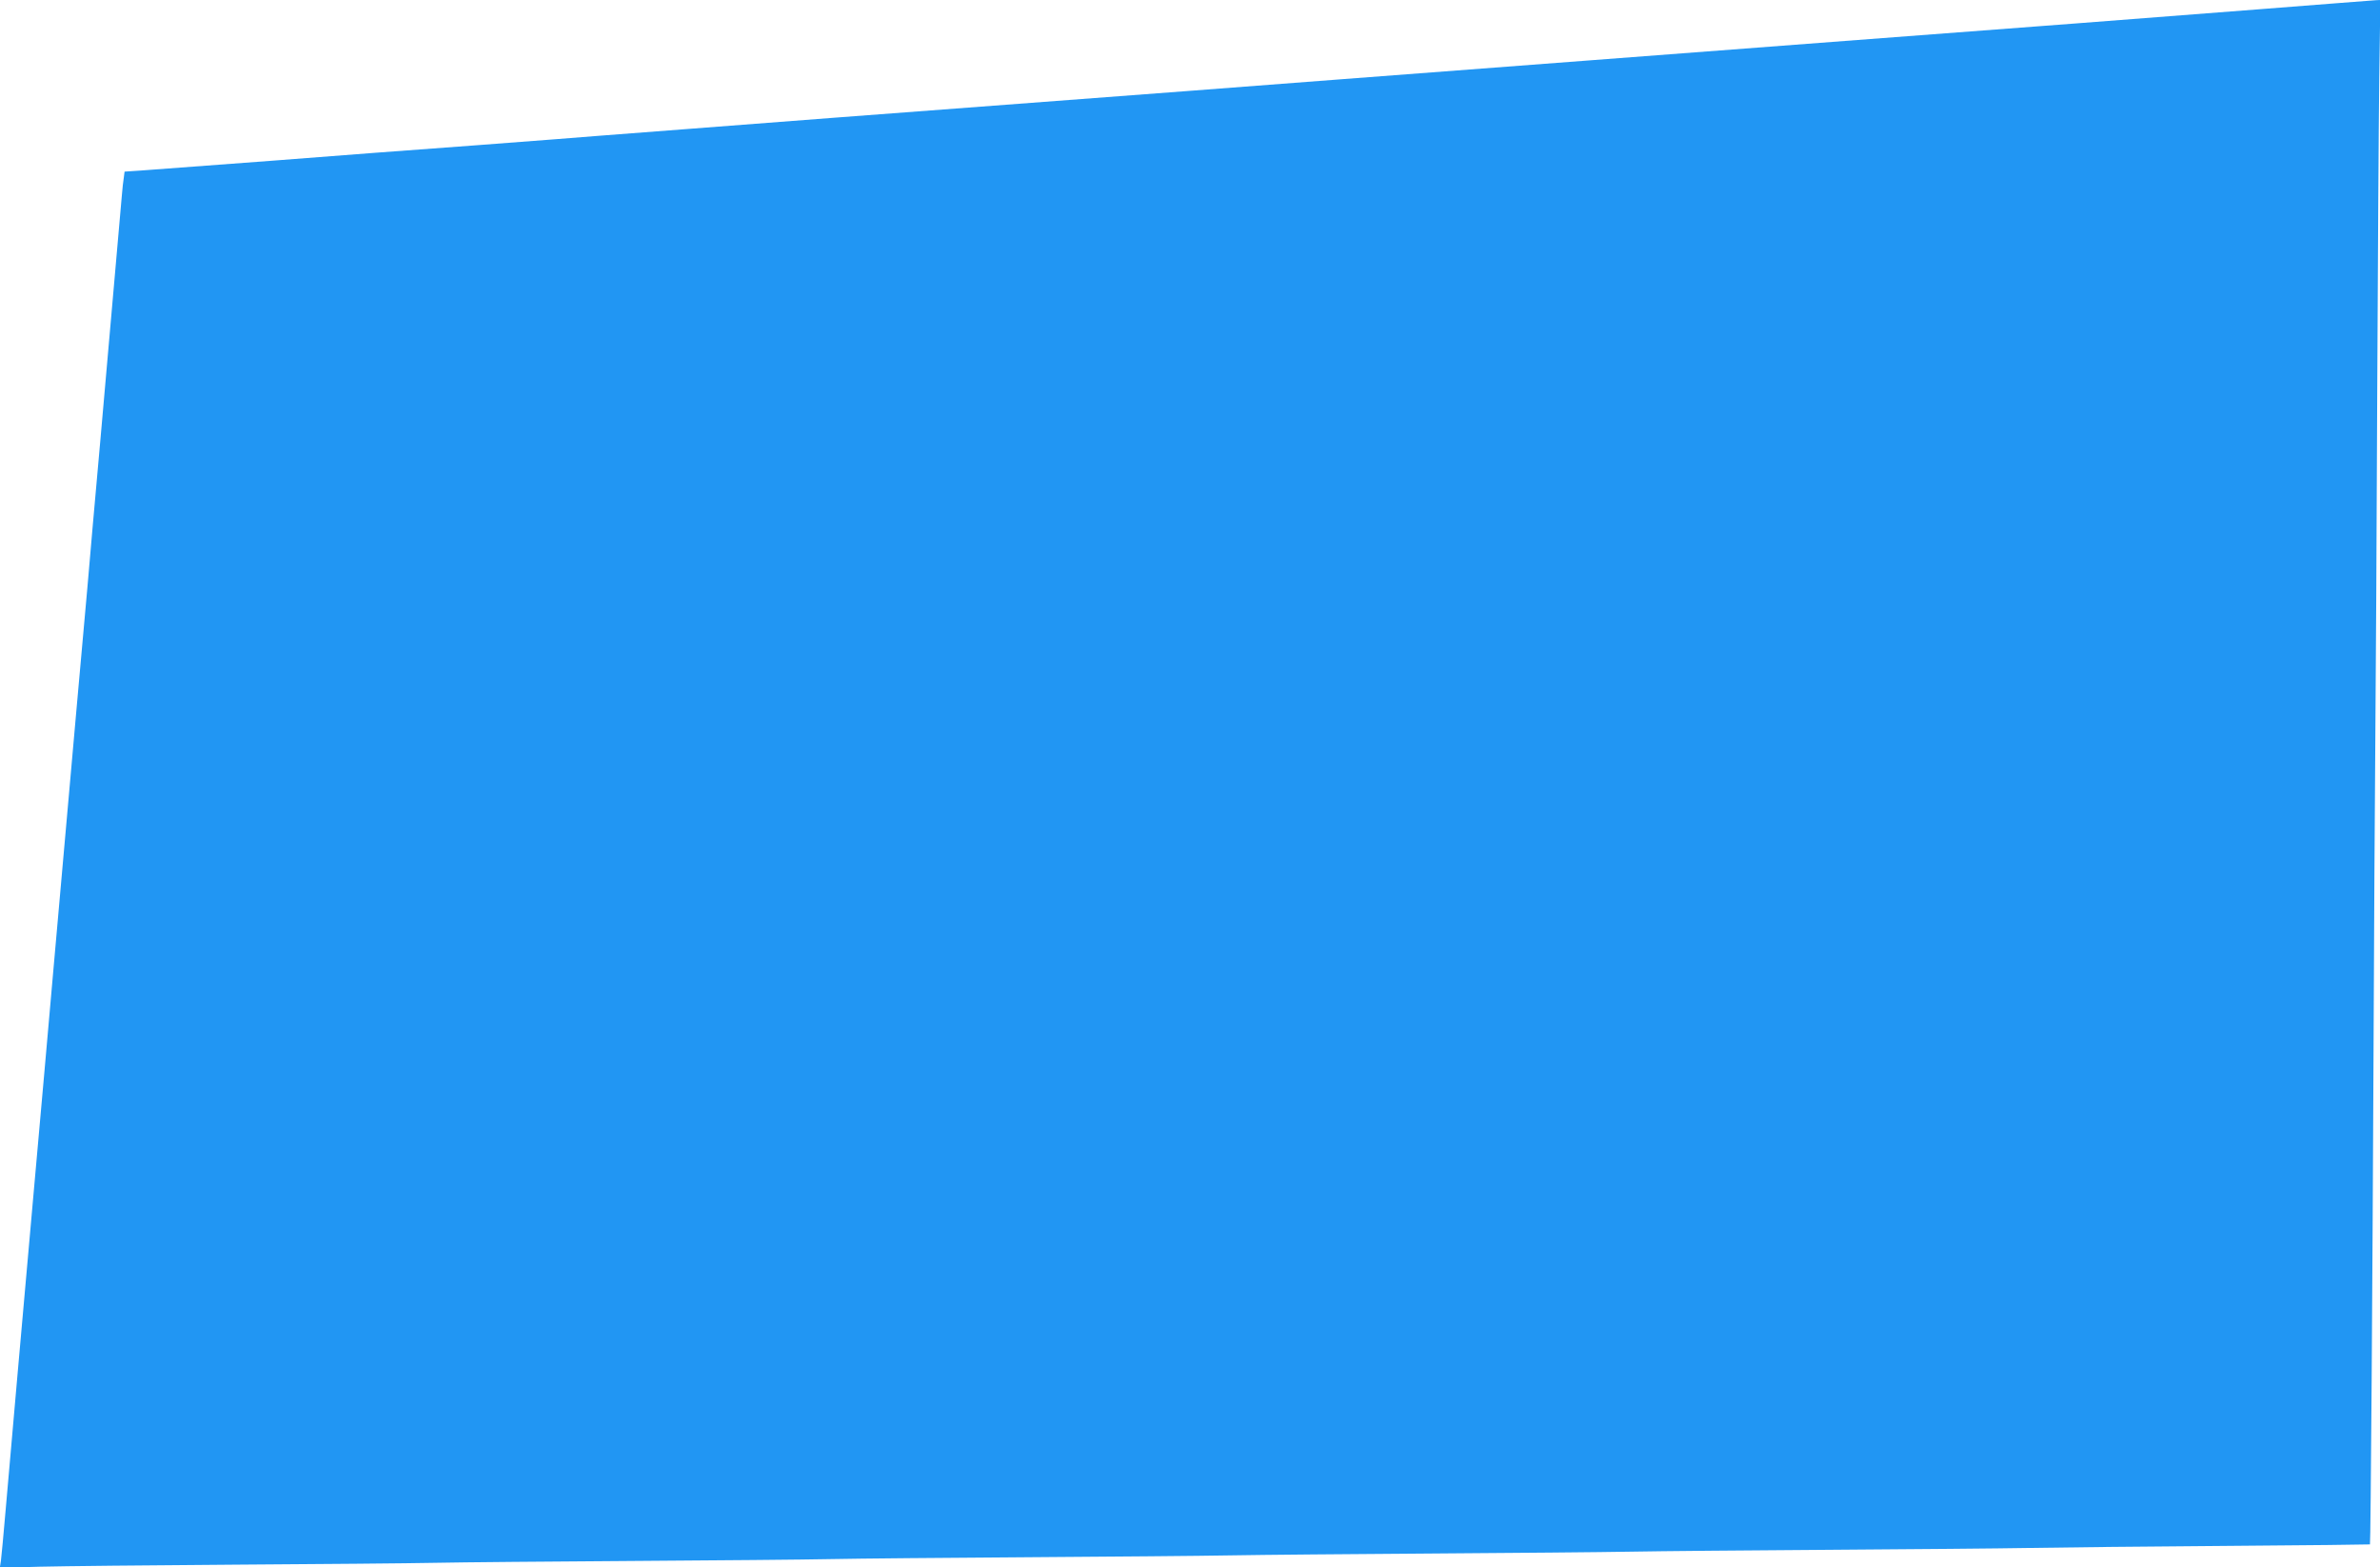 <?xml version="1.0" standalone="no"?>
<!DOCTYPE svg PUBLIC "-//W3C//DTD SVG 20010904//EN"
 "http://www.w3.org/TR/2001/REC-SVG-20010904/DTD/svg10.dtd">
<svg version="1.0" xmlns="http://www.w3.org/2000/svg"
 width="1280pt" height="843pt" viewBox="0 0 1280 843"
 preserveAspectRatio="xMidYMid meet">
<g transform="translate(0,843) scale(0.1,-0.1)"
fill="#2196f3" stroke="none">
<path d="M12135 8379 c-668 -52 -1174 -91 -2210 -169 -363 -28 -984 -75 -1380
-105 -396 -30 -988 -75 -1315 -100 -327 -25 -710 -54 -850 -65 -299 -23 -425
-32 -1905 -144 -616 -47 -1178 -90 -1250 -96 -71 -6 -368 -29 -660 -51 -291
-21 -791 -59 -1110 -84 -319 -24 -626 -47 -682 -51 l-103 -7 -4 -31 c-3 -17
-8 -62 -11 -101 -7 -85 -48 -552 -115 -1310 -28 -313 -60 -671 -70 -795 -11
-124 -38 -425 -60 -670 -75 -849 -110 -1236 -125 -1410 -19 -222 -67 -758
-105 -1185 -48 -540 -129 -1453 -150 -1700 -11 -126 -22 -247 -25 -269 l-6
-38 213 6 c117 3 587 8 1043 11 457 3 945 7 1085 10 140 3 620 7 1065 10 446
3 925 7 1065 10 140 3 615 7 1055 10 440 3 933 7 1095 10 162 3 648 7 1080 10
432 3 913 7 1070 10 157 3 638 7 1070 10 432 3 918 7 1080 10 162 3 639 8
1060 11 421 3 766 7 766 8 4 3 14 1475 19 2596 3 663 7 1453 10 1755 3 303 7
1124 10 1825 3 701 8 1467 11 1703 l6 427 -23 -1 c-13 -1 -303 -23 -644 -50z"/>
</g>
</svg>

==

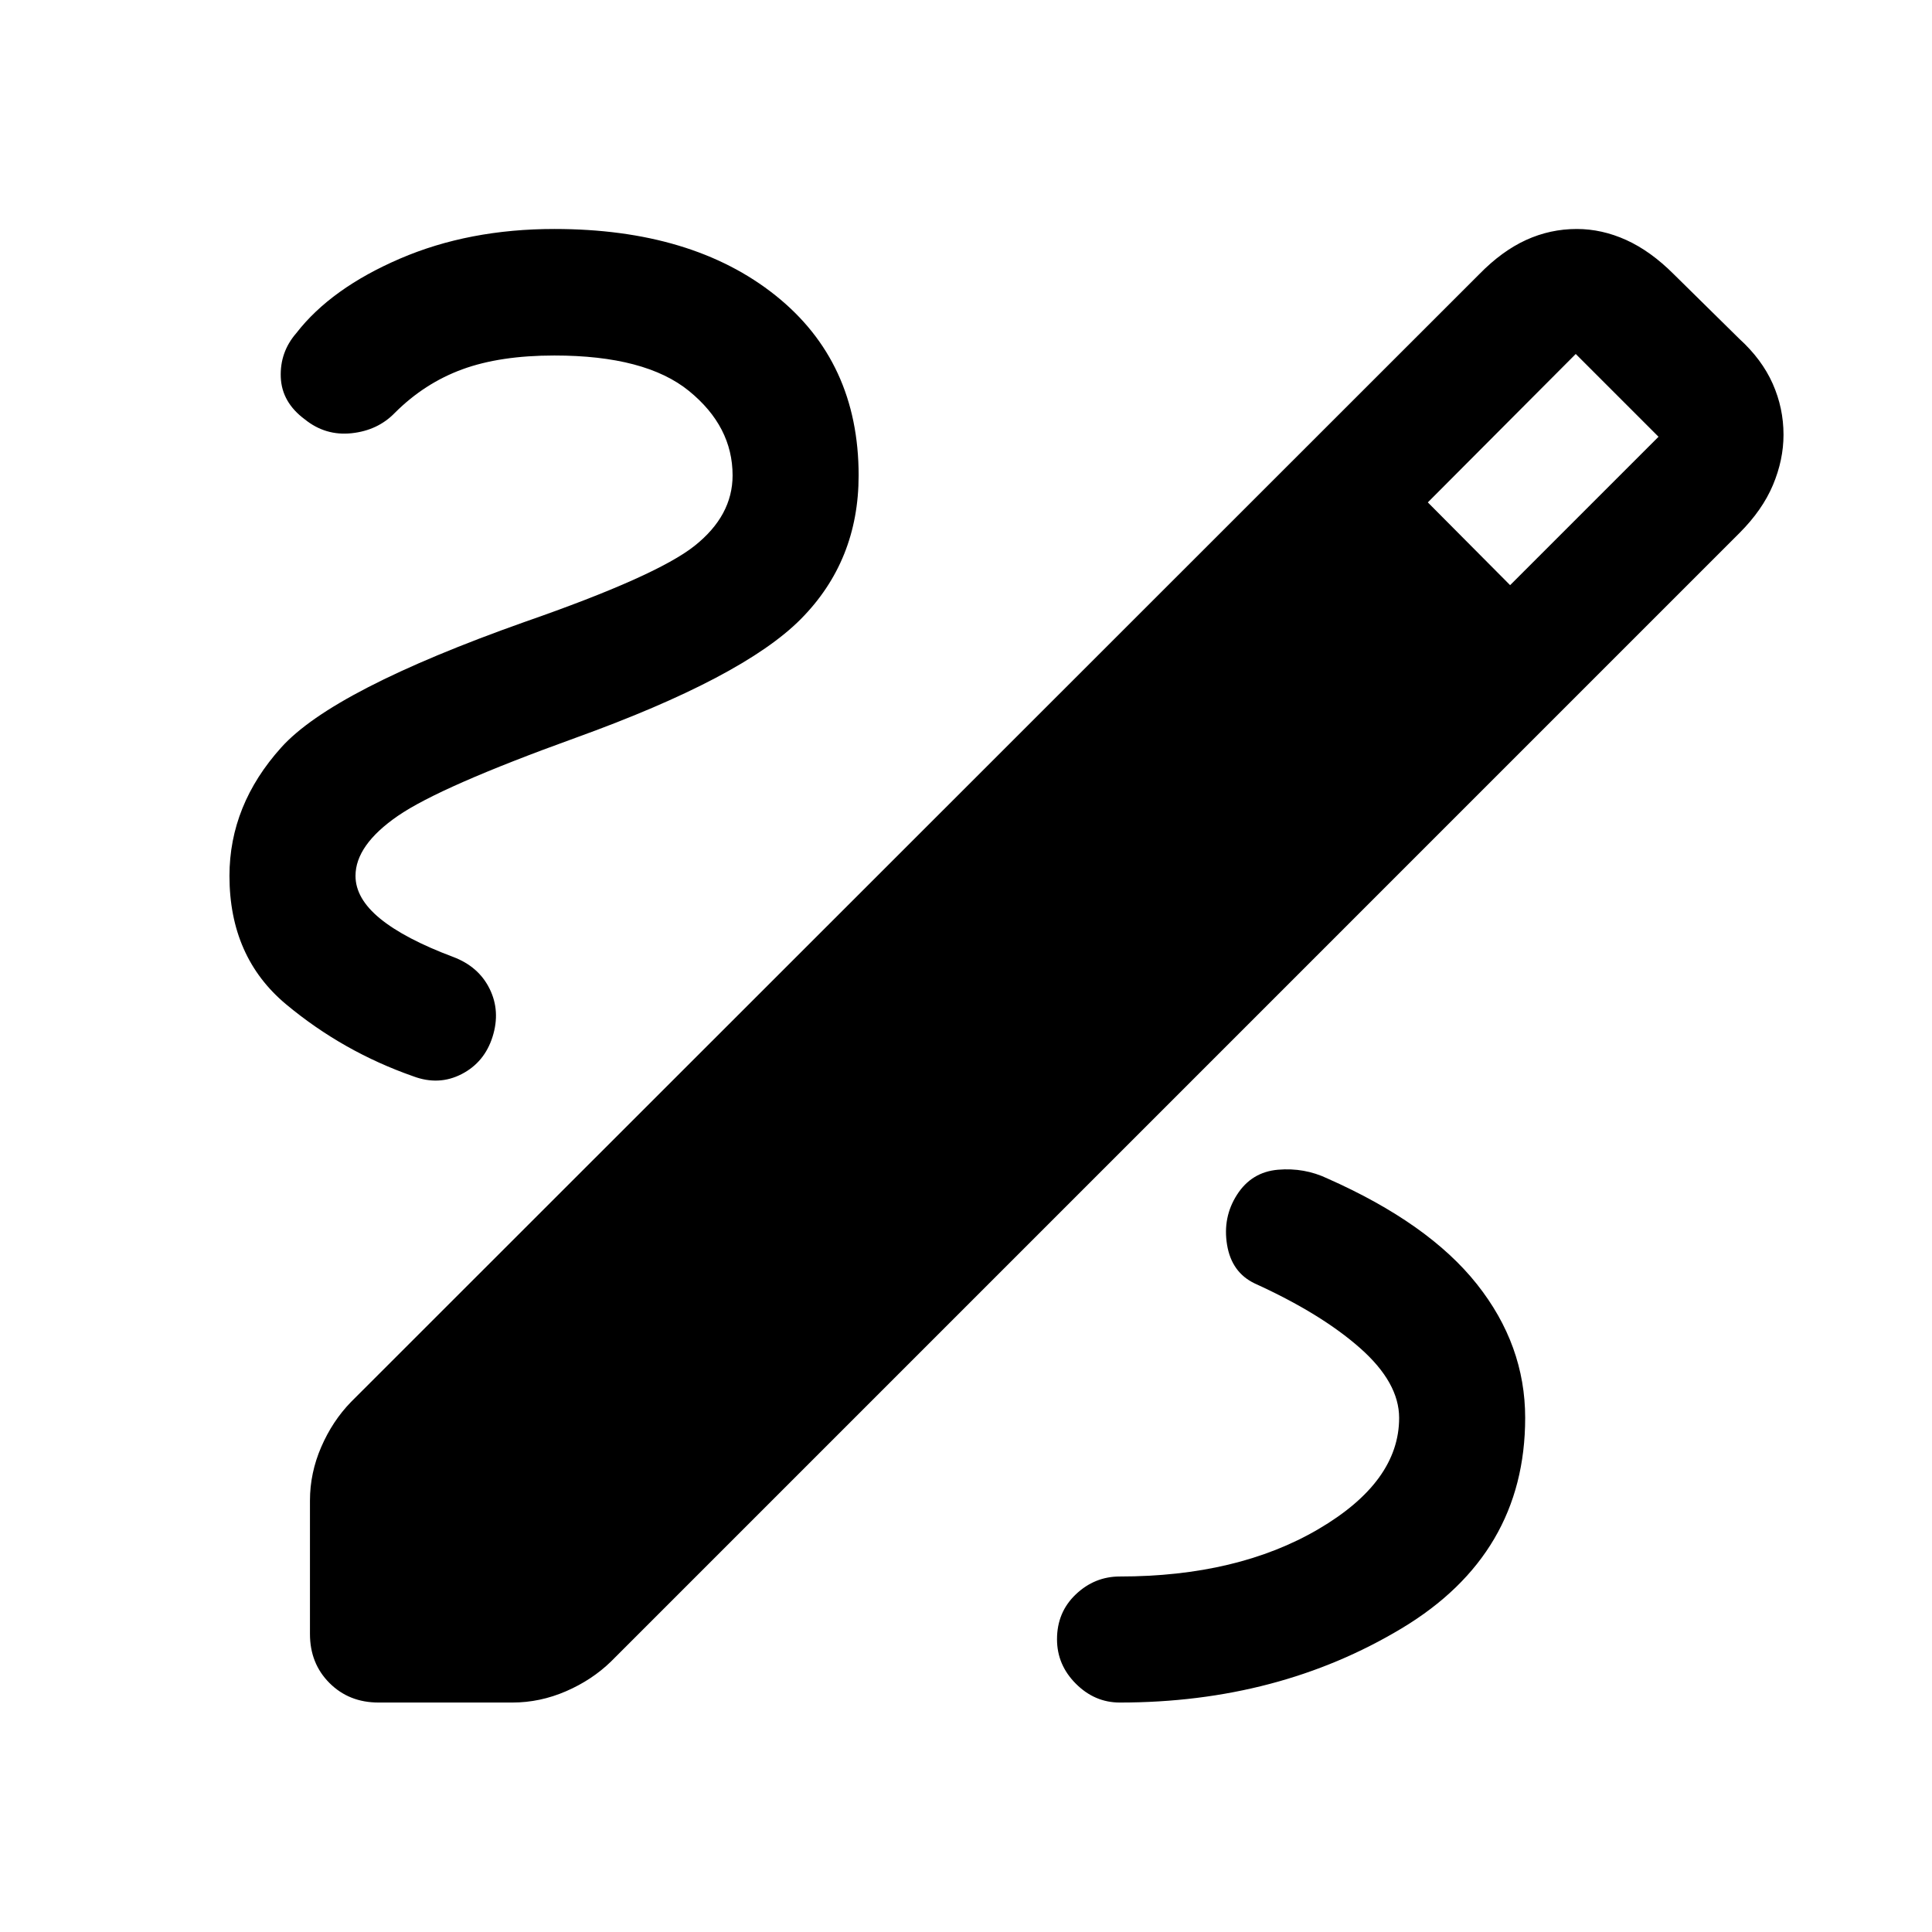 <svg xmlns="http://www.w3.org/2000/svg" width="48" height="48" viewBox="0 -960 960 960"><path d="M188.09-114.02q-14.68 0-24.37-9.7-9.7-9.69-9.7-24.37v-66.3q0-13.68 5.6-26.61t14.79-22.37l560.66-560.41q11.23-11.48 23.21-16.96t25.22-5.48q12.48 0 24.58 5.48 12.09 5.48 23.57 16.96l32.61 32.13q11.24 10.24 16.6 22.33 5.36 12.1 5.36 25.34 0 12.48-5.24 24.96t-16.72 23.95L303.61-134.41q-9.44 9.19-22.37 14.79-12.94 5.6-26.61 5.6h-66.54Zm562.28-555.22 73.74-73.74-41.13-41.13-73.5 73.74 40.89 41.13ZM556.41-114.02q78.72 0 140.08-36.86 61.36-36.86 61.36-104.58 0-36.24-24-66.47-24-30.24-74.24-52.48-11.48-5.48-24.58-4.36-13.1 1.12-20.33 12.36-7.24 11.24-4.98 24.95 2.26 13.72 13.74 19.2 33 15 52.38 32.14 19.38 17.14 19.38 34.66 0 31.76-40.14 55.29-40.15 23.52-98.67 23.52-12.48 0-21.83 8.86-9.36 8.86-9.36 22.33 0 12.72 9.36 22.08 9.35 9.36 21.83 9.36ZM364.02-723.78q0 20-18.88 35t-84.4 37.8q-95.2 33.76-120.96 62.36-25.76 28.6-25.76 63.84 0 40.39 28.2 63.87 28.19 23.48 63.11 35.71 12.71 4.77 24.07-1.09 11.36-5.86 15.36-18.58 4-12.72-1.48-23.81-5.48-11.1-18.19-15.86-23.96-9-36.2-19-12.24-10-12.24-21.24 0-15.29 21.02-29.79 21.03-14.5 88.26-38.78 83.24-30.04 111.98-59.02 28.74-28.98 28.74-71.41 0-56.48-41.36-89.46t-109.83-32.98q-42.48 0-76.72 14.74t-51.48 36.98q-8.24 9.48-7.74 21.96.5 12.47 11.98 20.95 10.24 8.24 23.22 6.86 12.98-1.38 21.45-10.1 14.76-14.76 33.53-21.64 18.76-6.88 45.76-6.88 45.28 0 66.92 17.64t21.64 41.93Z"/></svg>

- **WHAT IS NEEDED**
Output only an exact transcription of the lines above from the one with "-105 -1185 -48" up to and including the one with "1060 11 421".

- **ANSWER SECTION**
-105 -1185 -48 -540 -129 -1453 -150 -1700 -11 -126 -22 -247 -25 -269 l-6
-38 213 6 c117 3 587 8 1043 11 457 3 945 7 1085 10 140 3 620 7 1065 10 446
3 925 7 1065 10 140 3 615 7 1055 10 440 3 933 7 1095 10 162 3 648 7 1080 10
432 3 913 7 1070 10 157 3 638 7 1070 10 432 3 918 7 1080 10 162 3 639 8
1060 11 421 3 766 7 766 8 4 3 14 1475 19 2596 3 663 7 1453 10 1755 3 303 7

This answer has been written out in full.